(Excerpts from a dataset)
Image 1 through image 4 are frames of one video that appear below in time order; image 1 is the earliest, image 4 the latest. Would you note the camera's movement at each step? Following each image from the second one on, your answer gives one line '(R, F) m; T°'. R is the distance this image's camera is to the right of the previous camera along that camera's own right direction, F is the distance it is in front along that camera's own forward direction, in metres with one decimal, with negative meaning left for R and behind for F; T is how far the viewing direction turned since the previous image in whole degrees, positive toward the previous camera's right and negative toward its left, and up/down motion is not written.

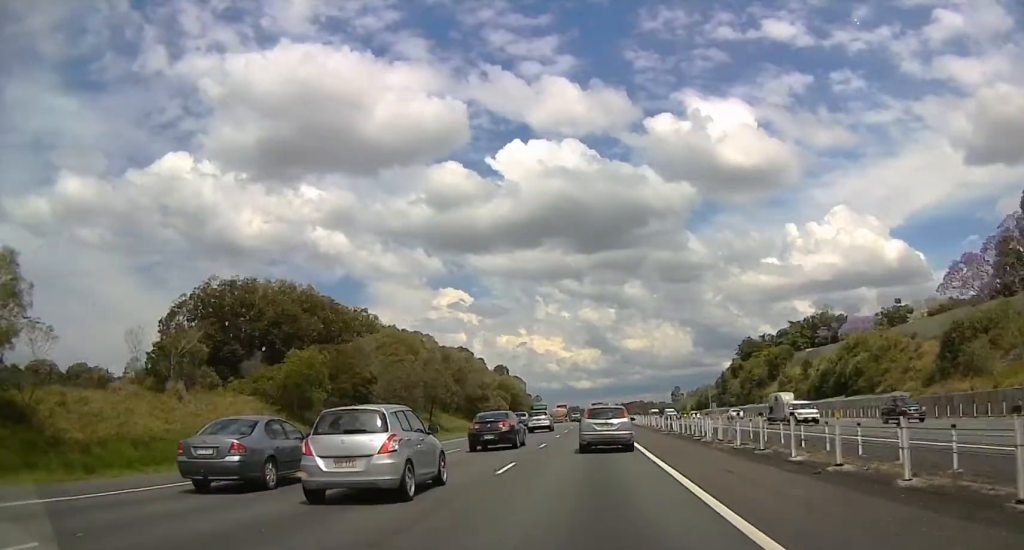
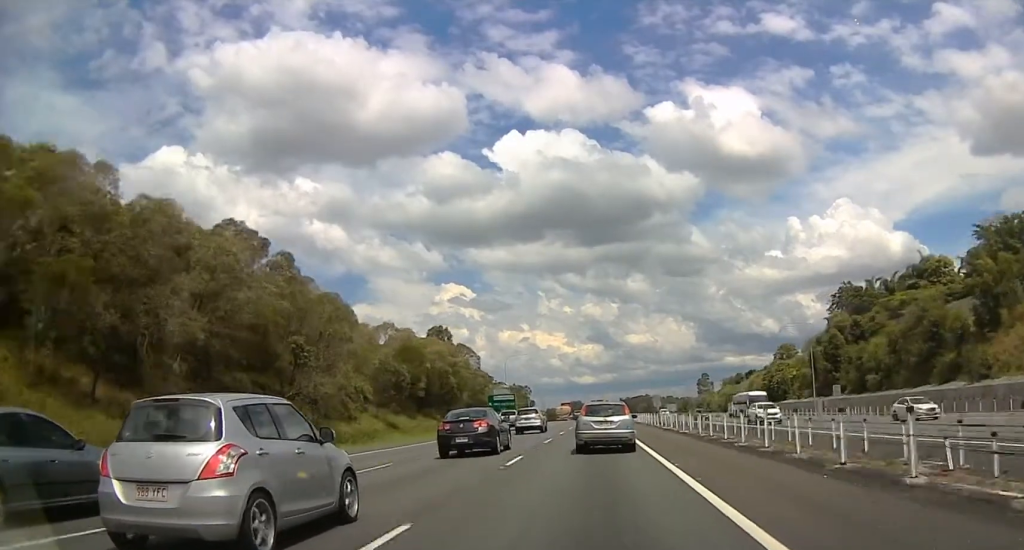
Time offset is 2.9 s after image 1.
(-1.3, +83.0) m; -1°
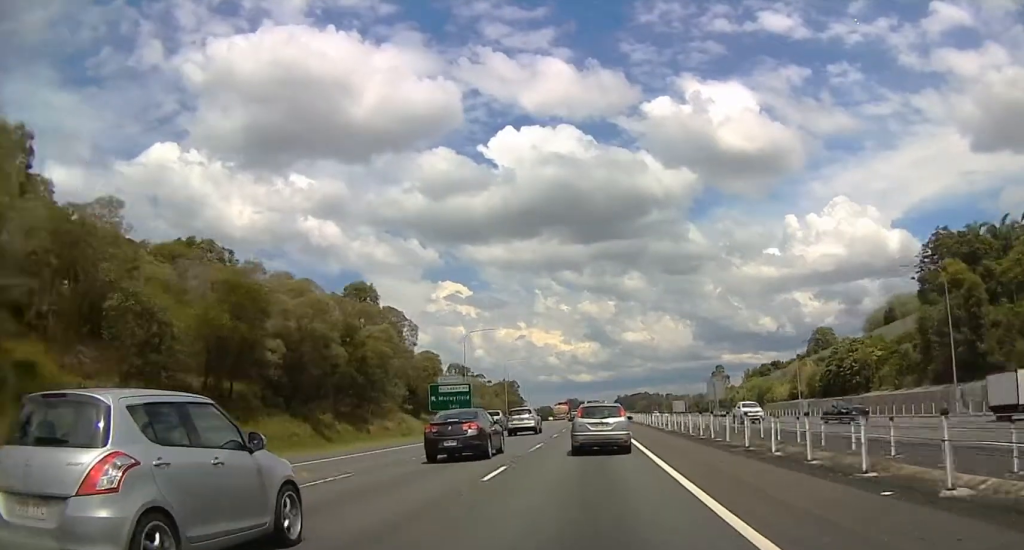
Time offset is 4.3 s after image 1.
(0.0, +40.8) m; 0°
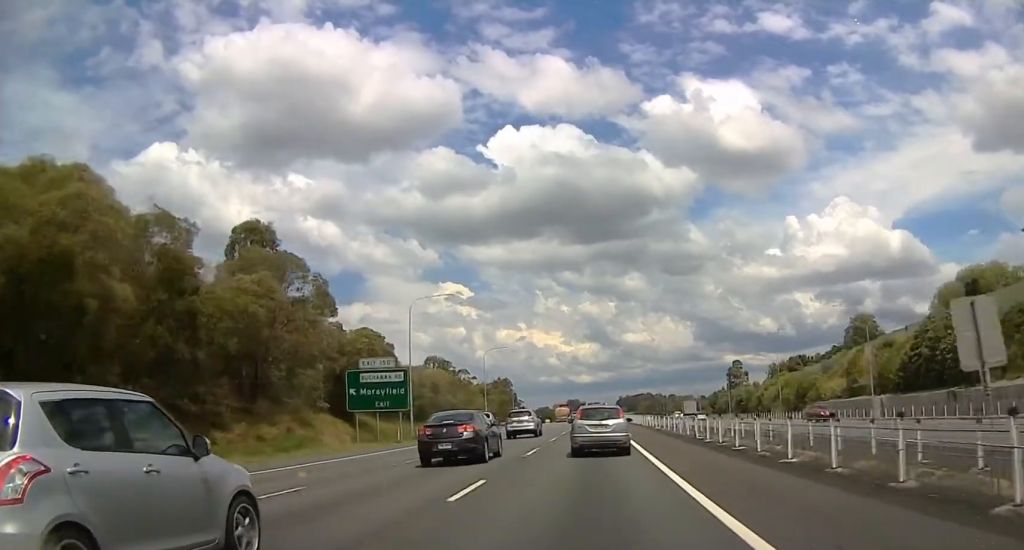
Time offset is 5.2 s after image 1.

▶ _Description of the task_
Above are the records. Copy exactly, and only, the lines from the line containing "Time offset is 4.3 s after image 1." through the last one, omitting any pictures.

▶ _Response_
Time offset is 4.3 s after image 1.
(0.0, +40.8) m; 0°
Time offset is 5.2 s after image 1.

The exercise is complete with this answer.